All recovered file will be stored in the directory selected above. Open them in a file browser and you’ll get the removed file there. I hope this howto will help you recovering files you accidentally delete :)

 

How To: Configure VNC Server

Vncserver is just another application available in almost all the available Linux based distros. Configuring vncserver is very easy. But the default desktop view in vncviewer is gray scale desktop with very pathetic GUI. To view normal Gnome or KDE desktop in vncviewer, assigning a custom port for usage, user configuration and to adjust the resolution of the vncviewer window, some files need to be configured properly. Here are the required configuration in any version of Fedora/Fedora Core. But with minor modifications these can be applied to other distros like Ubuntu, SuSE, Gentoo etc.

Step 1: Installing Vncviewer, Vncserver

As root do this

[root@bordeaux saini]# yum install vnc [Enter]

Step 2: Configuring resolution, port & user

The default location of server configuration file for vncserver is ‘/etc/sysconfig/’. To configure the resolution, user and port open ‘/etc/sysconfig/vncservers’ in you favorite editor and add two lines per user configuration shown ..

VNCSERVERS=":"
VNCSERVERARGS[]="-geometry x x"

Example :

VNCSERVERS="3:saini"
VNCSERVERARGS[3]="-geometry 1000x700"

You can choose any display port, but it should not be in use by another X server.

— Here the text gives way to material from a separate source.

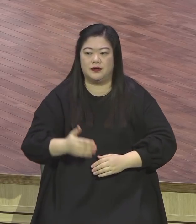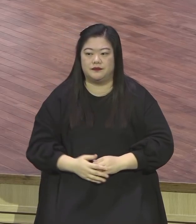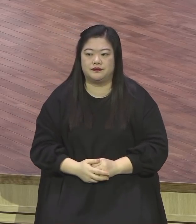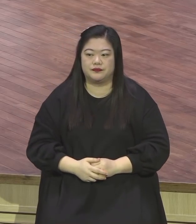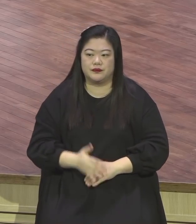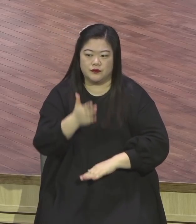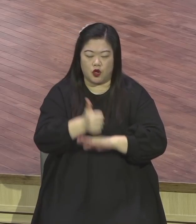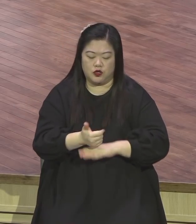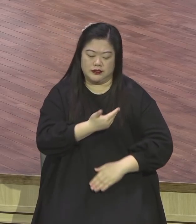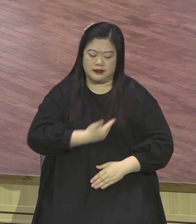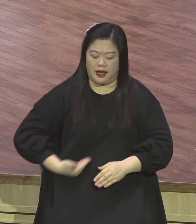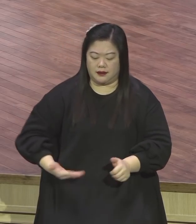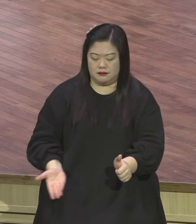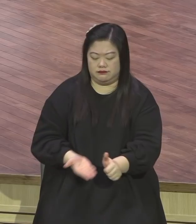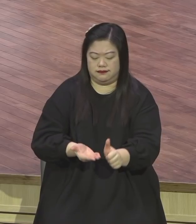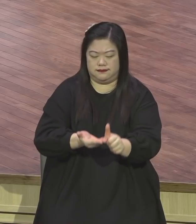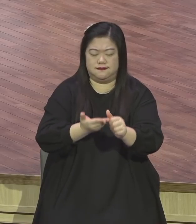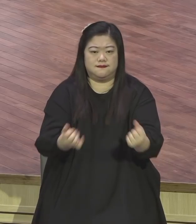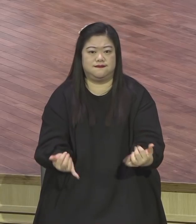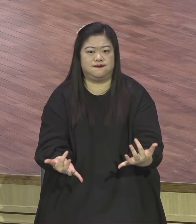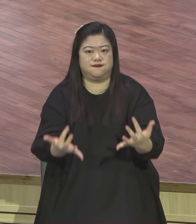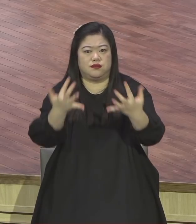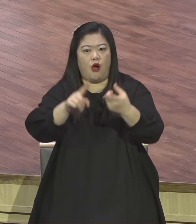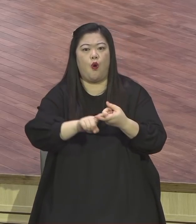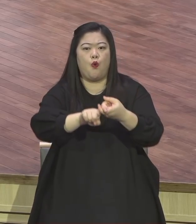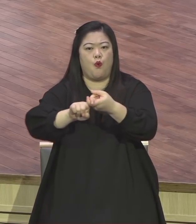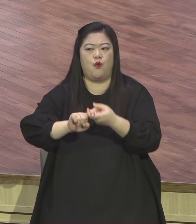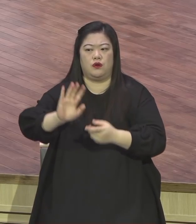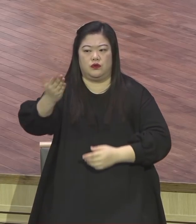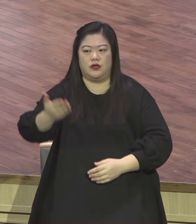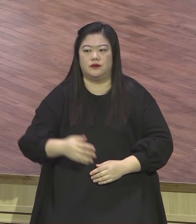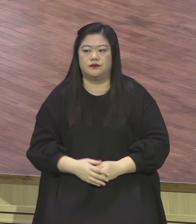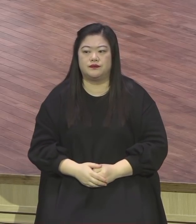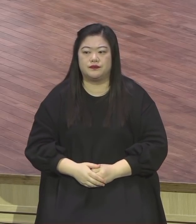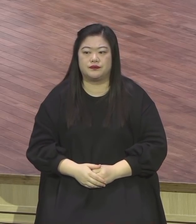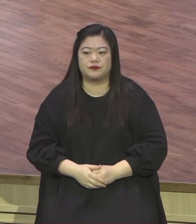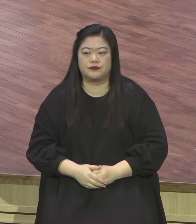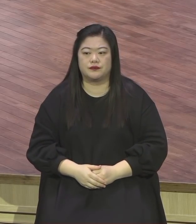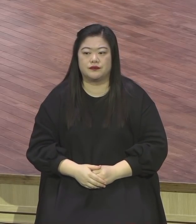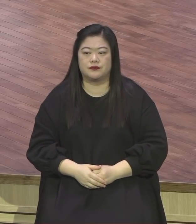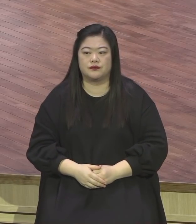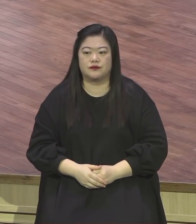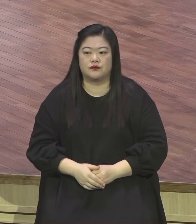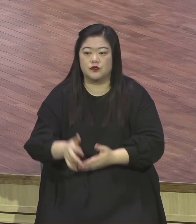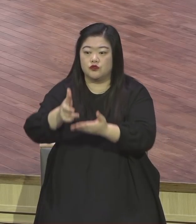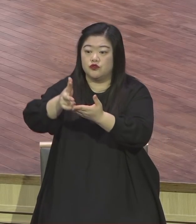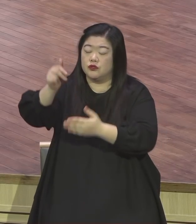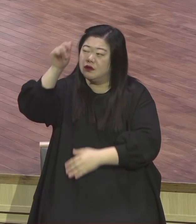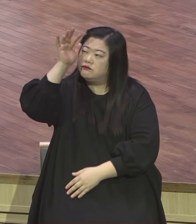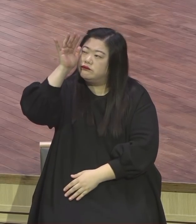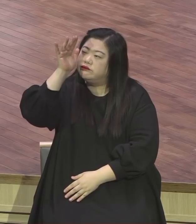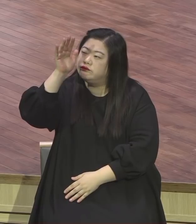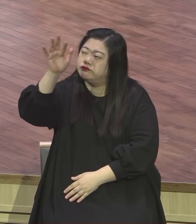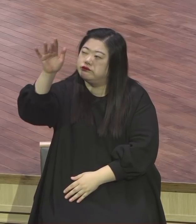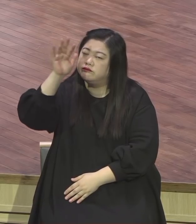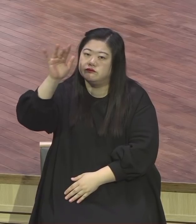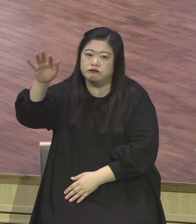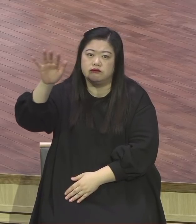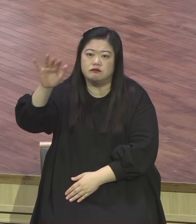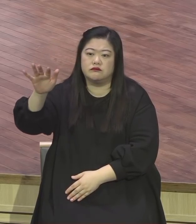가난한 신명 다 주를 위해 주만 바라보니까 그래서 세상 살면서

Window height and width can be anything (not in fraction of course). But keep in mind that the system on which you are going to view the desktop using vncviewer should have greater resolution than what you specify here, otherwise scrollbars will appear.

Step 3: Configuring Desktop Environment

The user specific configuration files of vncviewer resides in ‘.vnc’ directory in user’s home directory. (e.g. ‘/home/saini/.vnc/’). Open ‘.vnc/xstartup’ in your favorite editor and edit as below

  • For Gnome

The ‘xstartup’ file shout look like this

#!/bin/sh
 
# Uncomment the following two lines for normal desktop:
unset SESSION_MANAGER
exec /etc/X11/xinit/xinitrc
 
[ -x /etc/vnc/xstartup ] && exec /etc/vnc/xstartup
[ -r $HOME/.Xresources ] && xrdb $HOME/.Xresources
#xsetroot -solid grey
#vncconfig -iconic &
#xterm -geometry 80x24+10+10 -ls -title "$VNCDESKTOP Desktop" &
#twm &
startx &
  • For KDE

The ‘xstartup’ file should look like this

#!/bin/sh
 
# Uncomment the following two lines for normal desktop:
#unset SESSION_MANAGER
#exec /etc/X11/xinit/xinitrc
 
[ -x /etc/vnc/xstartup ] && exec /etc/vnc/xstartup
[ -r $HOME/.Xresources ] && xrdb $HOME/.Xresources
#xsetroot -solid grey
#vncconfig -iconic &
#xterm -geometry 80x24+10+10 -ls -title "$VNCDESKTOP Desktop" &
#twm &
startkde &

Step 4: Configuring password

For setting up vncviewer password for user ‘xyz’, login as user ‘xyz’ and issue ‘vncpasswd’ command on a terminal/konsole (or whatever). Enter password twice and you are done with password setting.

Step 5: Starting Vncserver

To start vncserver, login as root and issue ‘service vncserver start’ command. If service started successfully, you are ready to use vncviewer on a remote/local machine.

Step 6: Accessing through Vncviewer

  • From Linux based machines
[saini@bordeaux saini]# vncviewer IP_Address:displayPort [Enter] #(IP Address is for the machine where you set up vncserver)
  • From Windows

On windows there is a software called RealVnc. Install it and enter <IPAddress>:<displayPort> in the dialog box.
[I explained how to connect via windows because it may help someone get a bit of relief.]

Screenshots:

  • Vncviewer with Gnome as Desktop environment

VNC Server VNC Viewer Screenshot GNOME

  • Vncviewer with KDE as Desktop environment

VNC Server VNC Viewer Screenshot KDE

Vnc is nice tool if you want to avoid using windows. I use it all the time. While I am forced to work on windows system, I install vncviewer and use it in full screen mode 😛 It also helps when you want to run some gui based application and monitor is remotely. Because if you close vncviewer window and use vncviewer again, you will be given the desktop session where you left it (all windows open and applications running).